Generate or update kubeconfig
run update-kubeconfig
$ aws --region ap-northeast-1 eks update-kubeconfig --name eksdemo --role-arn arn:aws:iam::903779448426:role/AmazonEKSAdminRole
response
Updated context arn:aws:eks:ap-southeast-1:903779448426:cluster/eksdemo in /home/ec2-user/.kube/config
try list the nodes
$ kubectl get no
NAME STATUS ROLES AGE VERSION
ip-100-64-182-62.us-west-2.compute.internal Ready <none> 1m v1.13.7-eks-c57ff8
ip-100-64-71-142.us-west-2.compute.internal Ready <none> 1m v1.13.7-eks-c57ff8
Your cluster is ready now.
Update the cluster
update from 1.12
to 1.13
$ ClusterVersion=1.13 make update-eks-cluster
update from 1.11
to 1.12
$ ClusterVersion=1.12 make update-eks-cluster
Node Labels, Taints and Tolerations
By default, all the on-demand instances will have lifecycle=OnDemand label while spot instances will have lifecycle=Ec2Spot. Use the node selector to better schedule your workload
Additionally, all the spot instances have a spotInstance=true:PreferNoSchedule taint. To deploy your Pod on spot instances, use the node label selector to specify lifecycle=Ec2Spot, otherwise the pod will not be scheduled on the spot instances unless it has relevant toleration. (Taint and Toleration in Kubernetes).

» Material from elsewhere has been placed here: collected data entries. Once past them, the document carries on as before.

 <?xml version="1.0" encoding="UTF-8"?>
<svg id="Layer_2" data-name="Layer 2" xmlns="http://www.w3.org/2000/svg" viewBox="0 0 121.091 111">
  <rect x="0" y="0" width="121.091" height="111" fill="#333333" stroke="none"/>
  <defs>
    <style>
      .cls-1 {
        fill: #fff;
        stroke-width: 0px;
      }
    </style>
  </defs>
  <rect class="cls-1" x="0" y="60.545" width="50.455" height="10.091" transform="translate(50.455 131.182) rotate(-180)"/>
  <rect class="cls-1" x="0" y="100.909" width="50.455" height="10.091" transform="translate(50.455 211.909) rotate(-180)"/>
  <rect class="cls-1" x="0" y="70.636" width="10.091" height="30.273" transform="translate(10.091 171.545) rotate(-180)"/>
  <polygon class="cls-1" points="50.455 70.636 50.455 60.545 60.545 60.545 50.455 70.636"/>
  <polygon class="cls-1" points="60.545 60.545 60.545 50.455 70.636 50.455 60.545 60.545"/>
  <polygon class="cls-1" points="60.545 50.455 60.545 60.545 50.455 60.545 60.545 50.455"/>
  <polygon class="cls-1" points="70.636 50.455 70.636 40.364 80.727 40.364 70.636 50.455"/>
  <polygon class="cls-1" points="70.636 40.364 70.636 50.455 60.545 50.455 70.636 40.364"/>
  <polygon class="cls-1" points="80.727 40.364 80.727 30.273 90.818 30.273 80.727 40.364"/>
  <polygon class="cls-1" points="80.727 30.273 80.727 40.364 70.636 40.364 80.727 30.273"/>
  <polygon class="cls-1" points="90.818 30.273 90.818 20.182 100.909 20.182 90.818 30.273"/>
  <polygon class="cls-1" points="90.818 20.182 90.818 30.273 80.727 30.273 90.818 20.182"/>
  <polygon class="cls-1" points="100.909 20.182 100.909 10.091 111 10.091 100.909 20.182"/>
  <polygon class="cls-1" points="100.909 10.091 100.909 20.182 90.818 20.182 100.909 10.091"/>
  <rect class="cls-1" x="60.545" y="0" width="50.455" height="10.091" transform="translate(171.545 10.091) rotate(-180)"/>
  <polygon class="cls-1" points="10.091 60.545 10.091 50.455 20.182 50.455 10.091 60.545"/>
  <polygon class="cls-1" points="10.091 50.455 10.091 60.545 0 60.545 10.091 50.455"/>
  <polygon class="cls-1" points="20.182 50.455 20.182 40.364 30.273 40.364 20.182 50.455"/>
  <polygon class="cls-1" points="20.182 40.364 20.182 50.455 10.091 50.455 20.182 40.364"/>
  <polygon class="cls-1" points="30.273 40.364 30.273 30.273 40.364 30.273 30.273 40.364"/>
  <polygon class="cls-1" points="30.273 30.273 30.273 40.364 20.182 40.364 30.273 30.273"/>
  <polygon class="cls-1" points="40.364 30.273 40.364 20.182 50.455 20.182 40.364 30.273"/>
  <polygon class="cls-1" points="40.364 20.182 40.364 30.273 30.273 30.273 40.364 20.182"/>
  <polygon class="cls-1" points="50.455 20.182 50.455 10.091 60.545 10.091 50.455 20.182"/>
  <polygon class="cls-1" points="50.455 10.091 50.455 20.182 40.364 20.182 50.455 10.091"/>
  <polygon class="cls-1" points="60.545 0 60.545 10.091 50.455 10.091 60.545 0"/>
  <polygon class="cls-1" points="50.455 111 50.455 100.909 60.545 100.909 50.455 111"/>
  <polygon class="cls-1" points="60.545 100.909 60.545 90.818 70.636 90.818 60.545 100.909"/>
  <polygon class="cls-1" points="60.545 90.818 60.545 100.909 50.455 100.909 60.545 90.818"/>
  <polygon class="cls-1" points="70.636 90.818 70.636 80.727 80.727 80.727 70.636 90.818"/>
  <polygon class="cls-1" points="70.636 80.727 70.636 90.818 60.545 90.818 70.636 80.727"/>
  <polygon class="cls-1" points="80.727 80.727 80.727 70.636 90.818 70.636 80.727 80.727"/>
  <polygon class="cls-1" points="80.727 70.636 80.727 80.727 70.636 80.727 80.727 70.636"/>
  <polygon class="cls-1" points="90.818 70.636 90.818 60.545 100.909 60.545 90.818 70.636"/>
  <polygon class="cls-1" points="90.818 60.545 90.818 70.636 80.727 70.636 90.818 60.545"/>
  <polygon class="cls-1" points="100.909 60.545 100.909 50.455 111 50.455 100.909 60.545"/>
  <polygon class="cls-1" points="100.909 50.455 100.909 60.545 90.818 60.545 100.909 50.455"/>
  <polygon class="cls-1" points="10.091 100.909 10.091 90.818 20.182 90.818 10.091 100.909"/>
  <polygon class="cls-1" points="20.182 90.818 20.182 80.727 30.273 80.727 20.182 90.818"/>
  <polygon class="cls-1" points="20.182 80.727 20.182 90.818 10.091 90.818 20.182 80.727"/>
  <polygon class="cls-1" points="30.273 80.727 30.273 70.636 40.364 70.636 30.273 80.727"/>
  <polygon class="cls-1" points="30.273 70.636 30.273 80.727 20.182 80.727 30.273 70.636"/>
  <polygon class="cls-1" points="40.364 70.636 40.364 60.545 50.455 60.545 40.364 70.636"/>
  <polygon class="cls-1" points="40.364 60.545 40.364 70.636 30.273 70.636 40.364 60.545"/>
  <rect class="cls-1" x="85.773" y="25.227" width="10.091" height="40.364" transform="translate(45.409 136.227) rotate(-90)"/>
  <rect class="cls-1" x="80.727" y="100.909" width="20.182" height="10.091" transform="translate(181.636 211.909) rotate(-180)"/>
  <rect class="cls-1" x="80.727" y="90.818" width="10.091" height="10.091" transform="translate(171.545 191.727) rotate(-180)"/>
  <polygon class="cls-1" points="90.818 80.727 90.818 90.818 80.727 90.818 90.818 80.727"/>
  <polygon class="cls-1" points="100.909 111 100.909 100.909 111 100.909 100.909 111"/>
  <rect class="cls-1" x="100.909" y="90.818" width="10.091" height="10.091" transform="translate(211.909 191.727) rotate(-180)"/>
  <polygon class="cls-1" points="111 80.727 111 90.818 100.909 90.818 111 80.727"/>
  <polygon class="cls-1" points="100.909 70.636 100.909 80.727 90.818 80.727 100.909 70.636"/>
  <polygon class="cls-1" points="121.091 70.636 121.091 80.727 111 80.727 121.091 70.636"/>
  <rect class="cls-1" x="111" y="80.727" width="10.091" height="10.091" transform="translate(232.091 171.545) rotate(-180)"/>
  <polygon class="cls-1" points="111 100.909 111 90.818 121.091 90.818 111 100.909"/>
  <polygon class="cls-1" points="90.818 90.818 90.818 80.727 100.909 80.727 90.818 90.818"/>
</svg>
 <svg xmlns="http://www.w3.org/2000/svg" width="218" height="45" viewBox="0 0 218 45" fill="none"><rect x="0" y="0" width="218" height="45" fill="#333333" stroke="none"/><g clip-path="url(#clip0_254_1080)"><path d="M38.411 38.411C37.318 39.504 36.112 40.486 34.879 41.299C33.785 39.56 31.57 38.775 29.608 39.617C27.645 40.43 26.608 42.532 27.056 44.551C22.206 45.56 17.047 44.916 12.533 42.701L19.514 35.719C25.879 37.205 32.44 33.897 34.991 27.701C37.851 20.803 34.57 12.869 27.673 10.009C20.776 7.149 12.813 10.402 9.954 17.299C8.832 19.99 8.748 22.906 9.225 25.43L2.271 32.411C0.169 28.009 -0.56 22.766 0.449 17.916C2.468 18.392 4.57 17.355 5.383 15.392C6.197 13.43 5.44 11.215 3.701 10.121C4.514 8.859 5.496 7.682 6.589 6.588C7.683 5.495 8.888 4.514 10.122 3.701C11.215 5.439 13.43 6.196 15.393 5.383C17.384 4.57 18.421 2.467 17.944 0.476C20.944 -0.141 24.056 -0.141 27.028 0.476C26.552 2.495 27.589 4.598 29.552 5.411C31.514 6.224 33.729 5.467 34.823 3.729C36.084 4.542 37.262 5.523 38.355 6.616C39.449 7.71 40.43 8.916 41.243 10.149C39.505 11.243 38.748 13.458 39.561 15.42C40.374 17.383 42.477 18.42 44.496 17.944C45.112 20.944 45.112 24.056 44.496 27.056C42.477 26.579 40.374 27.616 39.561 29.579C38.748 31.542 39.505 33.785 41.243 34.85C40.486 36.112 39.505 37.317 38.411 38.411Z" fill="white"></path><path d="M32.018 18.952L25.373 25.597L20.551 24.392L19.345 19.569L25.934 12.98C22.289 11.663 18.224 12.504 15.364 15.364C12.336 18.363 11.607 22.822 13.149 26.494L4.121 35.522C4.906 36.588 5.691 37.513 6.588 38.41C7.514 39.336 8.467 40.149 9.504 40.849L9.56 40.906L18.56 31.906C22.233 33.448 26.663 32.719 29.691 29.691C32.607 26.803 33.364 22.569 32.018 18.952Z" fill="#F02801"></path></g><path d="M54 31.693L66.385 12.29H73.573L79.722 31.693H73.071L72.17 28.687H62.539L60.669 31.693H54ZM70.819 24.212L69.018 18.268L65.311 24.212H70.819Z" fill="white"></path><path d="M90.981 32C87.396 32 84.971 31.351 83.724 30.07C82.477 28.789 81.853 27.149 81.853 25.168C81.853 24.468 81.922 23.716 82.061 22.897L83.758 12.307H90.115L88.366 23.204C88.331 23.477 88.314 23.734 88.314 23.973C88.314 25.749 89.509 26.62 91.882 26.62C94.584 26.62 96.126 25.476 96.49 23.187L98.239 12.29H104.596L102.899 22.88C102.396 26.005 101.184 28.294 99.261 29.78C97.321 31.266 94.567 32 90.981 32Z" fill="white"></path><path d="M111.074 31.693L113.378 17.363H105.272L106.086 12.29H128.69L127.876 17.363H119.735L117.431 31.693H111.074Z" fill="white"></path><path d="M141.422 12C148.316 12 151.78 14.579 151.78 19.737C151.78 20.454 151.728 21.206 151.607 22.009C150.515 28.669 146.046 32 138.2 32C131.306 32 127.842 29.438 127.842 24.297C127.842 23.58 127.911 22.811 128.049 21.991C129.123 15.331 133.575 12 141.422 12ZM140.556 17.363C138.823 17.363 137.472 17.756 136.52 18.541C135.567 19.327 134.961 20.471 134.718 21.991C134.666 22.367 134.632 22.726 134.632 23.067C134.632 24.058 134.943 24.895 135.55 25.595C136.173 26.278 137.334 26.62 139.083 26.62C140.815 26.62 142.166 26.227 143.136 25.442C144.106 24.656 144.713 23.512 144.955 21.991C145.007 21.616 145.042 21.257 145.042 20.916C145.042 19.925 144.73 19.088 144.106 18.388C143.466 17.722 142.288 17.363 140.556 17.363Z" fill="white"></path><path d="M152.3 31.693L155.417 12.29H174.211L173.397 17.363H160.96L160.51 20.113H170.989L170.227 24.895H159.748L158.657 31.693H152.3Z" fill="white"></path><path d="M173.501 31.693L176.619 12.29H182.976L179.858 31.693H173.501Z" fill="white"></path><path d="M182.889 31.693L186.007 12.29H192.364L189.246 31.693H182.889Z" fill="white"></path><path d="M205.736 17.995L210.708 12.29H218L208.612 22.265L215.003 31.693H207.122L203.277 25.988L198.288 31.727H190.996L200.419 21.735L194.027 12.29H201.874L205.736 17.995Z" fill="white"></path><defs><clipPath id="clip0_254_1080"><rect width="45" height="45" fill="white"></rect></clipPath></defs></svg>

Nodegroup rolling update with the latest AMI
From time to time you may need to update your nodegroup with the latst Amazon EKS-optimized AMI, especially when there's a new security patch like this and a new AMI is released. No bother to specify the latest AMI ID - just kick off the nodegroup rolling update with the latest Amazon EKS-optimized AMI.
# force AMI check and update(if any)
$ UPDATE_AMI=1 make update-eks-cluster
Spot Termination Handling
To enable the awslabs/amazon-eks-serverless-drainer support as the plug-in and install the drainer from SAR,
just pass EnableNodeDrainer=yes
to the make
command. e.g.
$ EnableNodeDrainer=yes make create-eks-cluster
A Drainer
cloudformation nested stack will be created and install the eks-lambda-drainer
from SAR for you. All the
spot instance termination will be watched and handled by the provided Lambda function. Easy peasy!